La planificación financiera a largo plazo de las familias españolas es el gran olvidado de las finanzas familiares.

En efecto, ésta queda rezagada con frecuencia detrás del “llegar a fin de mes” para las familias más modestas y los que viven al día a día y el “preservar los ahorros acumulados” de aquellos con mentalidad conservadora (la mayoría). 

Si deseamos mantener nuestro nivel de vida actual cuando nos jubilemos, poder financiar una educación universitaria a nuestros hijos o comprarnos una segunda residencia, por ejemplo, deberemos “traducir” dichos objetivos vitales en objetivos financieros como “tener una renta de 2000 euros al mes durante 20 años, dentro de 30 años” podría serlo para un adulto de 40 años que planifica su jubilación.

Toda buena planificación pasa por evaluar el punto de partida, en nuestro caso el balance patrimonial familiar (deduciendo lo que debemos de lo que tenemos) y el presupuesto anual (nuestros ingresos y gastos). Dicho ejercicio, que nos permitirá conocer nuestro patrimonio neto y nuestra capacidad de ahorro, conviene realizarlo anualmente o con más frecuencia si hay cambios importantes en nuestra situación.

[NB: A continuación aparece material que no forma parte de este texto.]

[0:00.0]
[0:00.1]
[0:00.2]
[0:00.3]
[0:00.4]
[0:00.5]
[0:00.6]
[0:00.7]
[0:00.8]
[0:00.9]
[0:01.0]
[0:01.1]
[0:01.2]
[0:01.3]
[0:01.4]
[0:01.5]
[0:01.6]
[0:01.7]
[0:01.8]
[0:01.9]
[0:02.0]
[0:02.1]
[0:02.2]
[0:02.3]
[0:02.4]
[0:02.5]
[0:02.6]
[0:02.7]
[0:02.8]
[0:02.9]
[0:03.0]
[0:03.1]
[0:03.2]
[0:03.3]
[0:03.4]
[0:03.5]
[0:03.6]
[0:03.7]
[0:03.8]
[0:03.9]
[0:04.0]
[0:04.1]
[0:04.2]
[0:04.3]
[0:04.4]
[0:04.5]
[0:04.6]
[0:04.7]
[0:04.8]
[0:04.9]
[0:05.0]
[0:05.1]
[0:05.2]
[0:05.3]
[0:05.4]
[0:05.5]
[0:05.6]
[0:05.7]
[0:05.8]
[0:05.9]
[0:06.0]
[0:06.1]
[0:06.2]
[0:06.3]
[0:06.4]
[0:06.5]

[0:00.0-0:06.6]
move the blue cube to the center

Sabiendo a dónde queremos ir (objetivos financieros), por un lado, y conociendo nuestro punto de partida (situación patrimonial y presupuesto anual), por otro lado, estaremos en medida de empezar a reflexionar en las inversiones más apropiadas para obtener la rentabilidad necesaria para alcanzar nuestros objetivos.
Nótese que hablamos de invertir, es decir de asumir un cierto riesgo para hacer crecer el capital invertido. Si nos limitamos a ahorrar, con la preservación de nuestro capital como objetivo principal, el paso del tiempo hará que la inflación erosione nuestros ahorros (y más en un entorno como el actual de tipos de interés al 0%) y, de no tener un patrimonio neto o una capacidad de ahorro extraordinarios, muy probablemente no podamos alcanzar nuestros objetivos o debamos revisarlos a la baja substancialmente. A título ilustrativo, un capital de 100.000€ al cabo de 20 años se transformará, en función de la rentabilidad anual obtenida, en 122.019€ (al 1%), en 219.112€ (al 4%) y en 386.968€ (al 7%), es decir unas rentabilidades acumuladas del +22%, +119% y +287%. Y si descontamos una inflación anual del 2,5% para tener en cuenta nuestro poder de compra, entonces las rentabilidades reales acumuladas respectivas son de -26%, +35% y +141%.

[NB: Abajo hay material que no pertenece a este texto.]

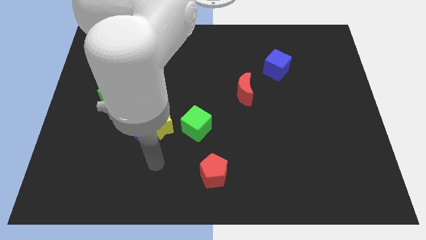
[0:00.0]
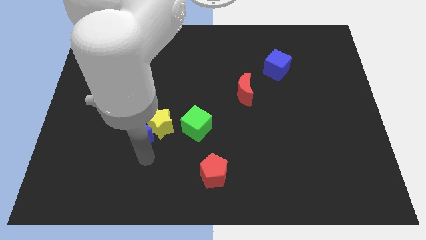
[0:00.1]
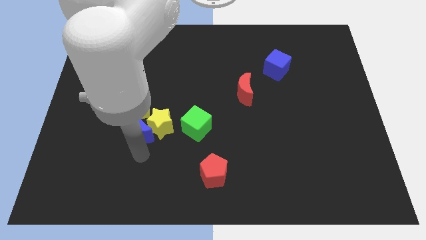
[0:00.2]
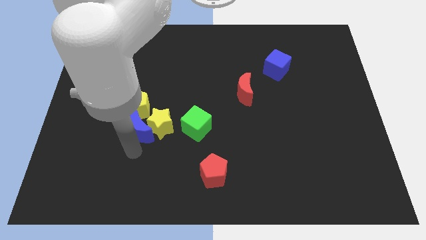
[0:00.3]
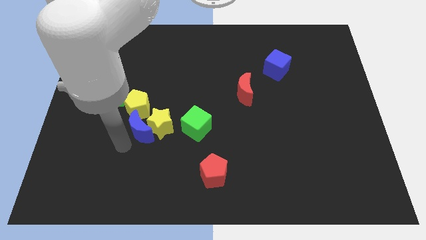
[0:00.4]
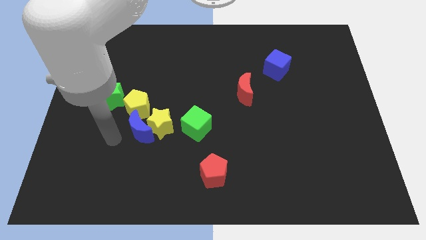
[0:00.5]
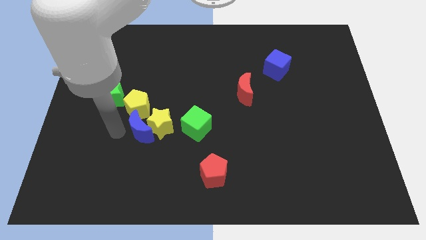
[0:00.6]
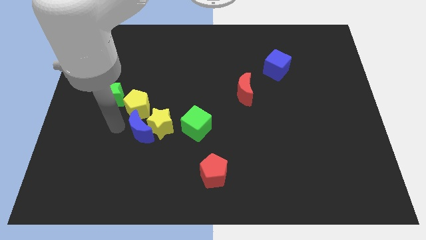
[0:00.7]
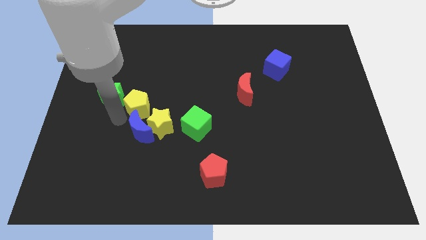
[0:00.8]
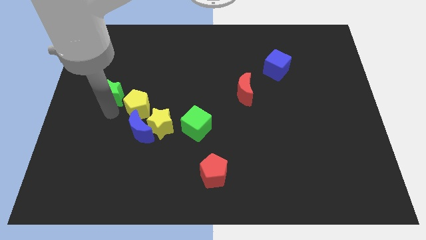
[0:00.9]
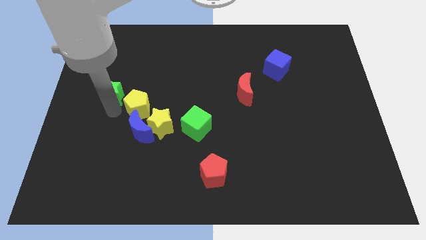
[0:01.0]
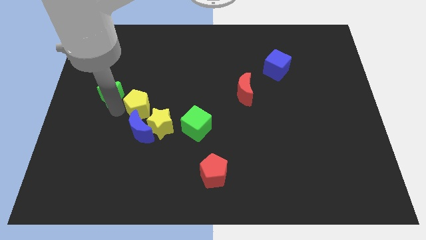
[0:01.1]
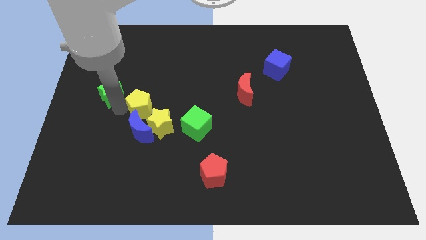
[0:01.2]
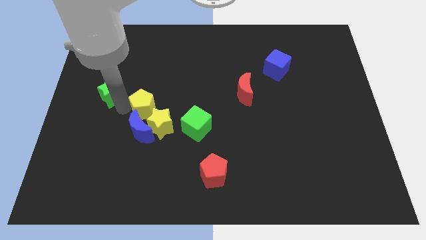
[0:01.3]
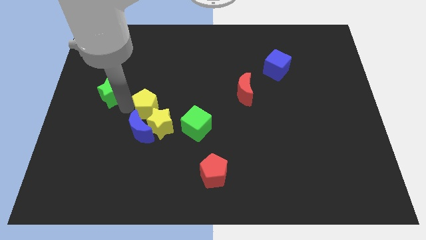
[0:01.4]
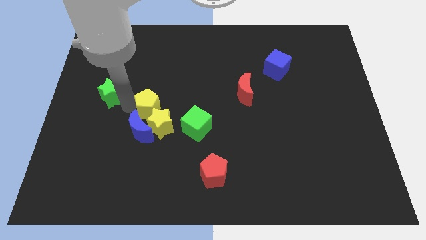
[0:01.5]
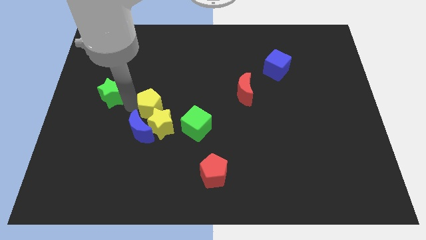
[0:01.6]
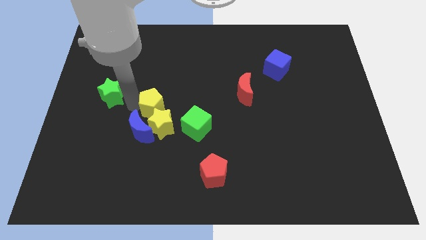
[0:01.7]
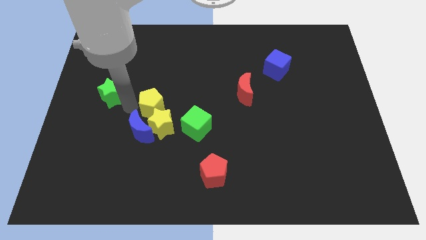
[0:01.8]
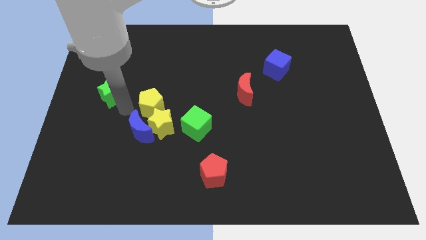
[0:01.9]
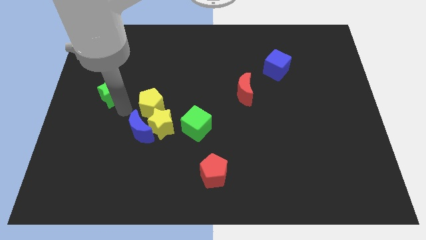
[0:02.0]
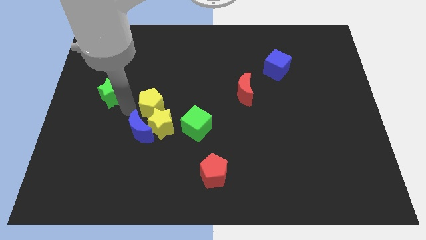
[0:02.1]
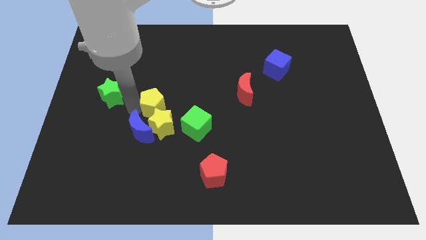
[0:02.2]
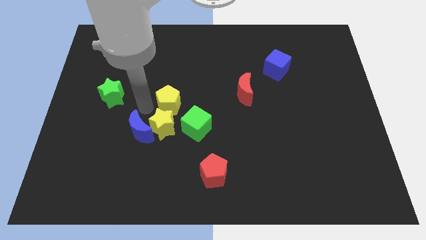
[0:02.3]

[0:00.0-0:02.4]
put the yellow pentagon to the middle

El riesgo asumible dependerá de diferentes factores, siendo el horizonte de las inversiones asociadas a cada objetivo, tal vez, el más importante; cuanto más a largo plazo invirtamos, más riesgo podremos asumir (pues nuestras inversiones tendrán más tiempo para recuperarse de malas rachas). Por ejemplo, alguien que invierte a más de 10 años un capital del que no necesita disponer durante ese periodo encontrará pocas inversiones más rentables que la renta variable (acciones); eso sí, siempre diversificando por geografías y sectores (con fondos de inversión, por ejemplo) y nunca apostando todo a una carta. Pero si la persona en cuestión no desea asumir riesgos deberá replantearse sus objetivos a la baja, tanto más cuanto más lejano sea el horizonte de inversión, debido al dramático efecto del interés compuesto con el paso del tiempo que hemos ilustrado anteriormente.

Retomando altura: tómese un tiempo para reflexionar, defínase objetivos vitales y evalúe las implicaciones prácticas de los mismos; al fin y al cabo, su patrimonio está para servir dichos objetivos y la acumulación de capital no es un fin en sí mismo, ¿no? Y si las inversiones financieras no son santo de su devoción o desea profesionalizar su gestión de las finanzas familiares, considere hacerse acompañar por un asesor financiero independiente con competencias en planificación financiera.